Problems with the optimiser when resuming

I have a NN with 4 heads that I want to train one after the other.

After having trained 1 head, I save the net and I then want to resume the model, change the requires_grad of the already trained head and start training the next head but I get this error:
ValueError: loaded state dict contains a parameter group that doesn’t match the size of optimizer’s group

I get the same error even if the requires_grad is changed after having loaded the model.

I do not get any error if I do not make any change to requires_grad. Meaning that resume works fine.

The problem arises when I load the optimiser. The model can be loaded without problems.

Observe that the the Net structure never changes in time. It is the trainability of some layers that are switched.

How can I solve this problem?

Are you filtering the parameters based on their requires_grad attribute before passing them to the optimizer? Also, could you post an executable code snippet to reproduce this issue, as I’m currently unsure what might cause the error?

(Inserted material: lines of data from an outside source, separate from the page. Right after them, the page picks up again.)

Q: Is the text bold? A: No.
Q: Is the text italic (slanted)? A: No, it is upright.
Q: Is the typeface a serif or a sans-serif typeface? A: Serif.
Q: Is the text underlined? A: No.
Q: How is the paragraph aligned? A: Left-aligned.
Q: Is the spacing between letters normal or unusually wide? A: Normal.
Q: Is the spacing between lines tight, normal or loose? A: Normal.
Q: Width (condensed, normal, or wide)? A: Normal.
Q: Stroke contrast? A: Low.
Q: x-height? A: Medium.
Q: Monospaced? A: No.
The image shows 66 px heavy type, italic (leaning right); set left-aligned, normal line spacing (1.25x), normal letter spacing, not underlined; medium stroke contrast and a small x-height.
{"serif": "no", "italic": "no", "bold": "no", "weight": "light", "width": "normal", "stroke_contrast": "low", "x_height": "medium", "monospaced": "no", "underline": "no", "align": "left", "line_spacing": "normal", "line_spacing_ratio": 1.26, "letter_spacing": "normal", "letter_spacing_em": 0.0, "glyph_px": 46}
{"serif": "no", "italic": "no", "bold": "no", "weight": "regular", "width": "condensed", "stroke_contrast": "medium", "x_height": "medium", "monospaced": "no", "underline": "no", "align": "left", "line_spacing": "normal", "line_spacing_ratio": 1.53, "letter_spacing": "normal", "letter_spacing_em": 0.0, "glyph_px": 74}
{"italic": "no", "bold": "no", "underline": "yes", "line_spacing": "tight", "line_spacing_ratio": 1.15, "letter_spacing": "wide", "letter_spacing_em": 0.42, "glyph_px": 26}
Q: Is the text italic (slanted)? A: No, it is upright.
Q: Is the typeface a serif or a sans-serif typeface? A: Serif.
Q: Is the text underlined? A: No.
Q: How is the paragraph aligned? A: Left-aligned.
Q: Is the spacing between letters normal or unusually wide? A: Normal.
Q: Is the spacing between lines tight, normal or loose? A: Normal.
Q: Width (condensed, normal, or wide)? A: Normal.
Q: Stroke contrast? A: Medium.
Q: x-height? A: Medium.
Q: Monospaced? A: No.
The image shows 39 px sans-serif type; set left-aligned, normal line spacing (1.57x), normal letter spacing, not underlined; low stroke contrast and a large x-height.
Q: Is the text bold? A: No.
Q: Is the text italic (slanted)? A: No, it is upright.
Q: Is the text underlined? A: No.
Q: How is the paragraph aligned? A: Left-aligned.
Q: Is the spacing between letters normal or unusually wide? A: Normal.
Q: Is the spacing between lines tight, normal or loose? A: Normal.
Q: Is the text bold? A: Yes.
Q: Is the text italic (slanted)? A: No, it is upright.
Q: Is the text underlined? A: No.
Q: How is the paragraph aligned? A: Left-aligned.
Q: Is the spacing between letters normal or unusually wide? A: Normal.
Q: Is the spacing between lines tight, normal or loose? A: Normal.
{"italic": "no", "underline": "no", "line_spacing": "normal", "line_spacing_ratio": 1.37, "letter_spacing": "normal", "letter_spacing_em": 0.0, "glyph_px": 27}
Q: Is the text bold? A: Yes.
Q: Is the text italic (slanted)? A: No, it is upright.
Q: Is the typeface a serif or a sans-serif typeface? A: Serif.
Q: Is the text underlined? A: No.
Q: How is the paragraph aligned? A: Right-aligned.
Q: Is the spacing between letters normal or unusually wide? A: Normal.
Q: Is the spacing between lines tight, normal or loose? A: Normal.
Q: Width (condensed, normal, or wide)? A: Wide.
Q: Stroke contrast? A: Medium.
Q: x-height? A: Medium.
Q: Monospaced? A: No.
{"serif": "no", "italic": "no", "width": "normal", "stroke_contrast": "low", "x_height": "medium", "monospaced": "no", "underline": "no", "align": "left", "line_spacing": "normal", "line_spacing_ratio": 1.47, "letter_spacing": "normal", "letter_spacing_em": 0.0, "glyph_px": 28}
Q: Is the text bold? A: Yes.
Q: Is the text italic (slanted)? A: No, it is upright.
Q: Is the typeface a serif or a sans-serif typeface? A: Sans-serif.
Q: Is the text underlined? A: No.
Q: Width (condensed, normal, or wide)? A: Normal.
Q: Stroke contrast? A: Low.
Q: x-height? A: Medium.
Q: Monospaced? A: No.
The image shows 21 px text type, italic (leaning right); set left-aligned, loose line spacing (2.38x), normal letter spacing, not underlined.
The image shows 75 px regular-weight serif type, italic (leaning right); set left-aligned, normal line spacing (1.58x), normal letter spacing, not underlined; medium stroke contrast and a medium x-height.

Hello, first of all thanks for helping.

My code is structured in this way:

  1. I initially create the net structure, with all param_grad=True by default
  2. depending on information on a config file I switch to False the param_grad of all heads but one. For instance the code to switch to False the heat map head is the following:
if config["trainable_heads"]["heatmap"] == False:
      enc_hm = map(lambda x: x[1],
                                  filter(lambda p: p[1].requires_grad and not ("backbone.decoder_delta" in p[0]),
                                         model.named_parameters()))
      for param in enc_hm:
          param.requires_grad = False 

I have 3 other identical snippet for the other 3 heads.

Then I train and save the net.
When I resume, I get the error, which only happens if I try to switch the trainable head. If I do not switch heads, the resume works perfectly.

An attempt I made is the following: before resuming from previous training, I set the layers of the network in the exact same trainability status as just before saving. I checked it was the case by comparing the name of all trainable parameters just before saving and just before resuming. The 2 list are indeed identical and as I would have expected. Which confuses me a lot.

The error is when I load the optimiser:

            self.model.load_state_dict(checkpoint['state_dict'])
            self.scheduler.load_state_dict(checkpoint['scheduler']) 
            self.optimizer.load_state_dict(checkpoint['optimizer'])

No error is raised in the first 2.

I cannot reproduce the issue using different work flows of freezing different sets of parameters:

model = models.resnet18()
for param in model.fc.parameters():
    param.requires_grad = False

optimizer = torch.optim.Adam(model.parameters(), lr=1e-3)

output = model(torch.randn(1, 3, 224, 224))
output.mean().backward()
optimizer.step()
optimizer.zero_grad()

torch.save(model.state_dict(), 'model.pt')
torch.save(optimizer.state_dict(), 'opt.pt')

# load plain model and optimizer
model = models.resnet18()
optimizer = torch.optim.Adam(model.parameters(), lr=1e-3)
model.load_state_dict(torch.load('model.pt'))
optimizer.load_state_dict(torch.load('opt.pt'))

# load model with same frozen parameters
model = models.resnet18()
for param in model.fc.parameters():
    param.requires_grad = False
optimizer = torch.optim.Adam(model.parameters(), lr=1e-3)
model.load_state_dict(torch.load('model.pt'))
optimizer.load_state_dict(torch.load('opt.pt'))

# load model with different frozen parameters
model = models.resnet18()
for param in model.conv1.parameters():
    param.requires_grad = False
optimizer = torch.optim.Adam(model.parameters(), lr=1e-3)
model.load_state_dict(torch.load('model.pt'))
optimizer.load_state_dict(torch.load('opt.pt'))

Thank you. I will go through my code once again. There must be some bug there.

Hello,

From what I see from your code, you always pass all networks parameters to the Adam optimizer, regardless requires_grad value of each of them.

I thought I had to pass to the optimiser only the trainable ones. This is incorrect, right?

Thanks for helping

You could filter them out before, if you like. As long as the .grad attributes aren’t filled in the frozen parameters, the optimizer won’t update them, but your approach would be more explicit.
Were you able to reproduce the issue using my code snippet and the filtering or any other addition to the code?